Data extracted from a collection
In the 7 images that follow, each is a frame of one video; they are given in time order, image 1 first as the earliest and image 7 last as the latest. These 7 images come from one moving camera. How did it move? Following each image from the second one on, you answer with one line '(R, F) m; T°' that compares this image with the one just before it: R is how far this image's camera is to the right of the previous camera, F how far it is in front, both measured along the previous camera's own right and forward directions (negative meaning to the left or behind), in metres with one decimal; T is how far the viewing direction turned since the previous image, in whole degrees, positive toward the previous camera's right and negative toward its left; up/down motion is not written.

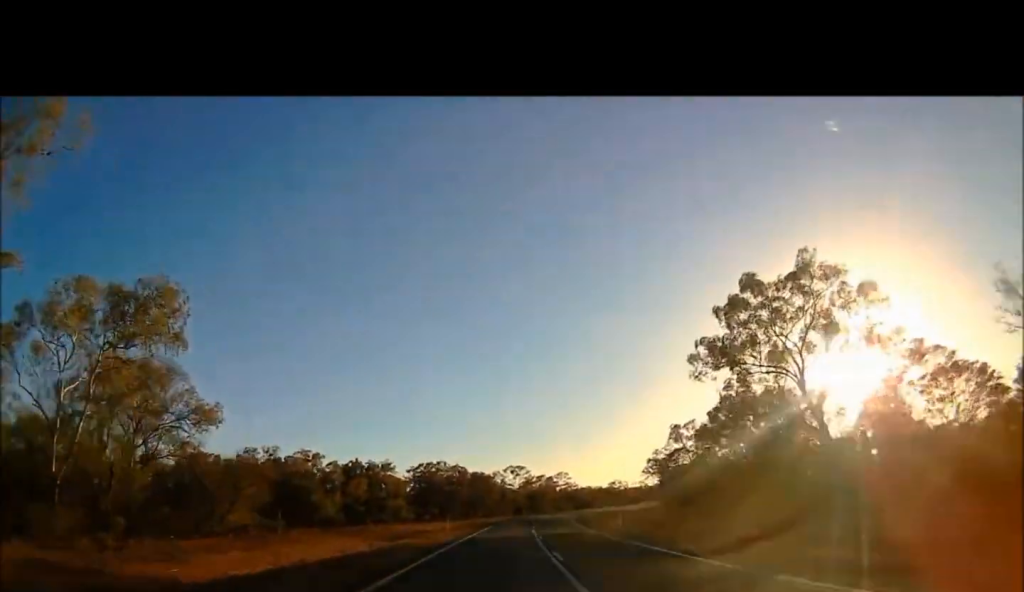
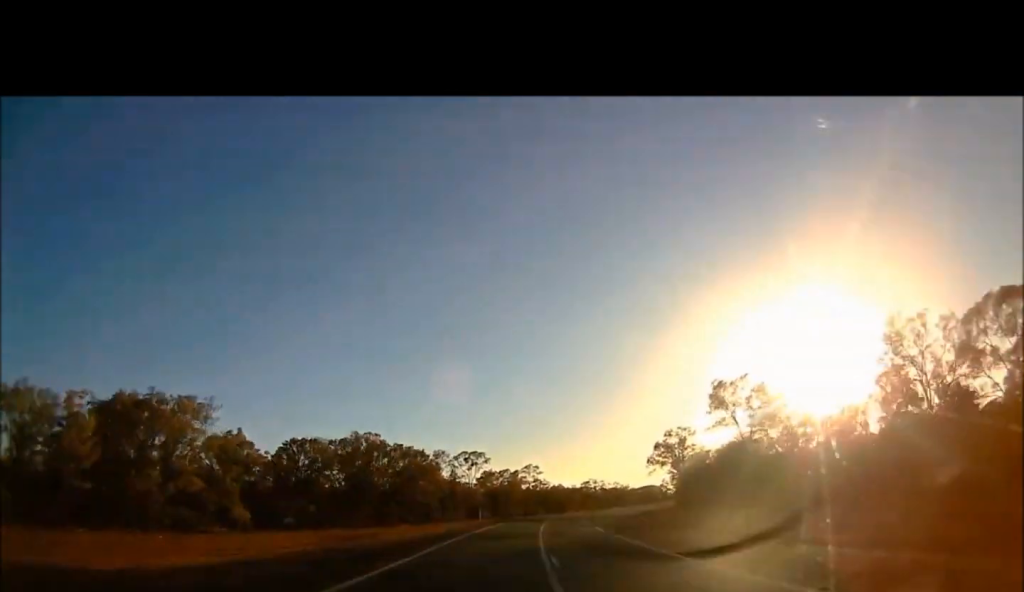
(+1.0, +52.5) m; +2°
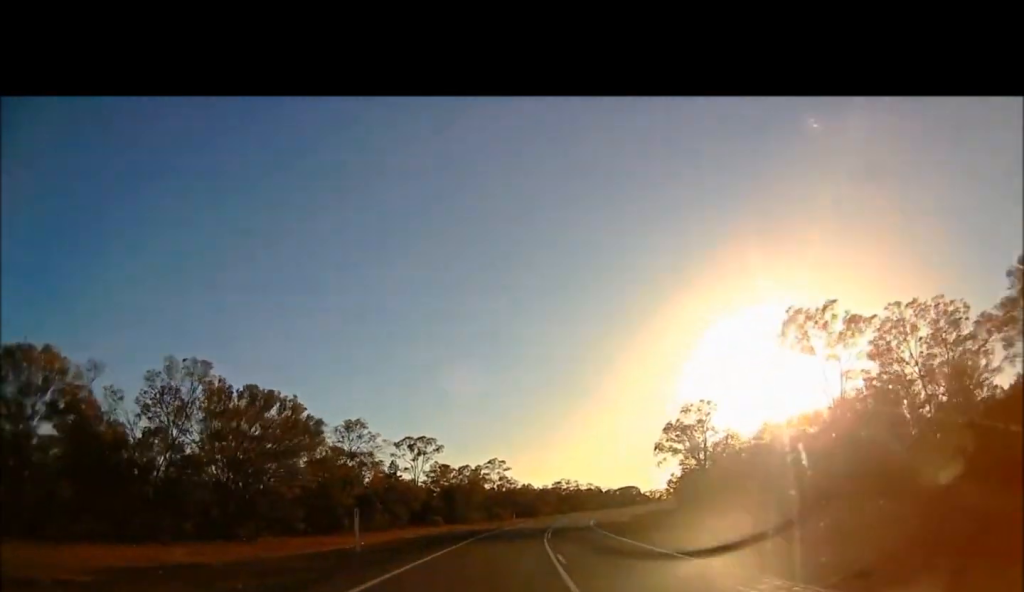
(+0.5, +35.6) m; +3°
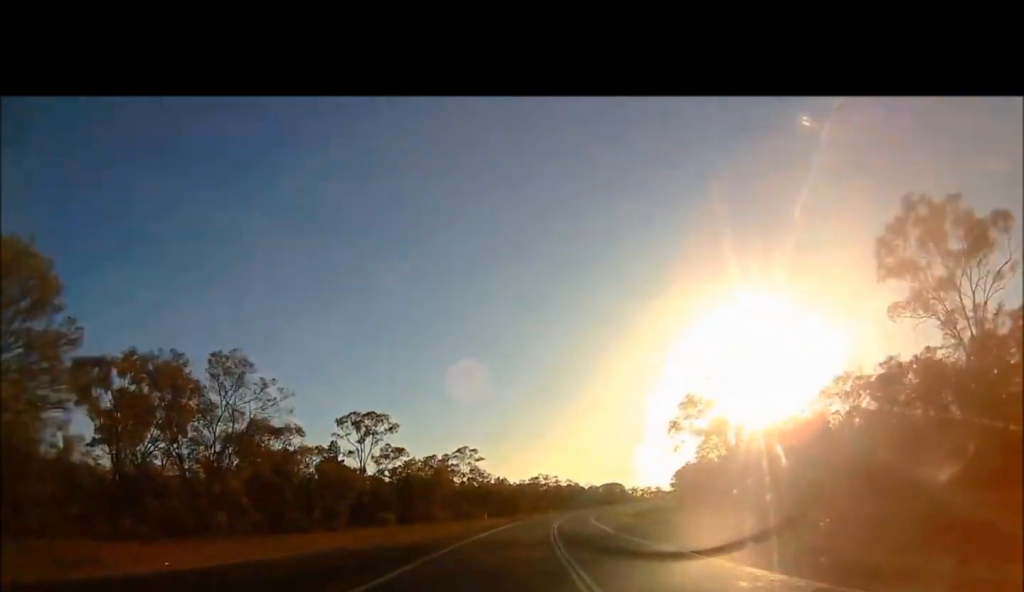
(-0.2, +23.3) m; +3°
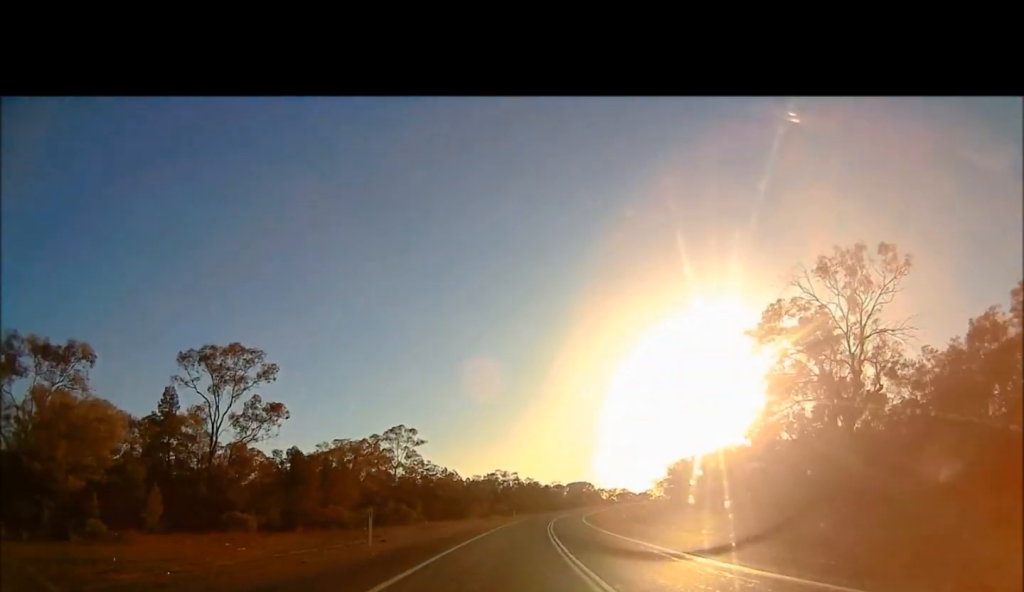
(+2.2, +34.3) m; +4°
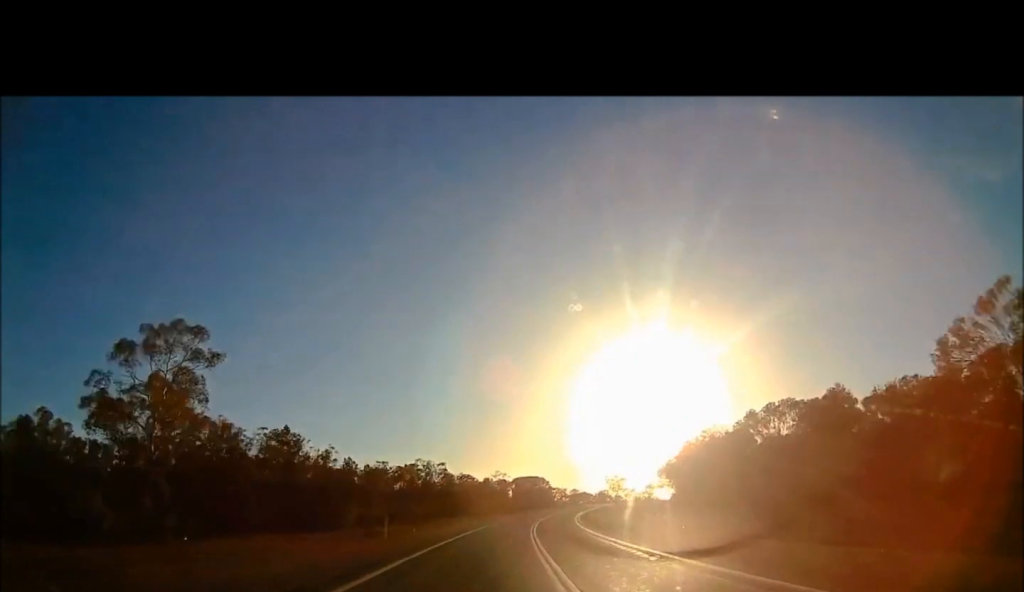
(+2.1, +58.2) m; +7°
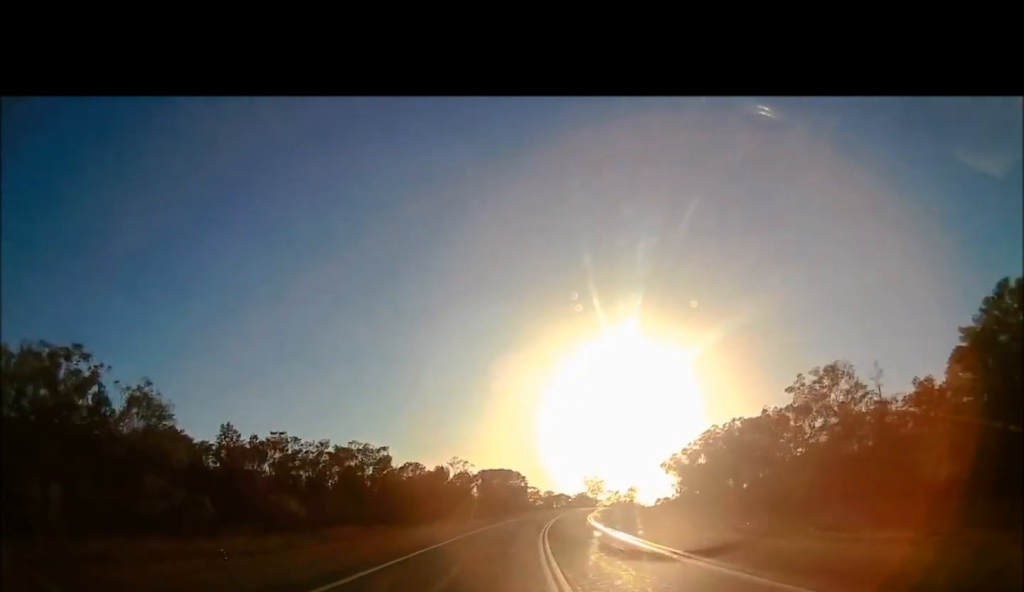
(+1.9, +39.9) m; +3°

# Description of the task
Once the pictures are set aside, copy the remaining text of every entry exactly.

# Your response
In the 7 images that follow, each is a frame of one video; they are given in time order, image 1 first as the earliest and image 7 last as the latest. These 7 images come from one moving camera. How did it move? Following each image from the second one on, you answer with one line '(R, F) m; T°' that compares this image with the one just before it: R is how far this image's camera is to the right of the previous camera, F how far it is in front, both measured along the previous camera's own right and forward directions (negative meaning to the left or behind), in metres with one decimal; T is how far the viewing direction turned since the previous image, in whole degrees, positive toward the previous camera's right and negative toward its left; up/down motion is not written.

(+1.0, +52.5) m; +2°
(+0.5, +35.6) m; +3°
(-0.2, +23.3) m; +3°
(+2.2, +34.3) m; +4°
(+2.1, +58.2) m; +7°
(+1.9, +39.9) m; +3°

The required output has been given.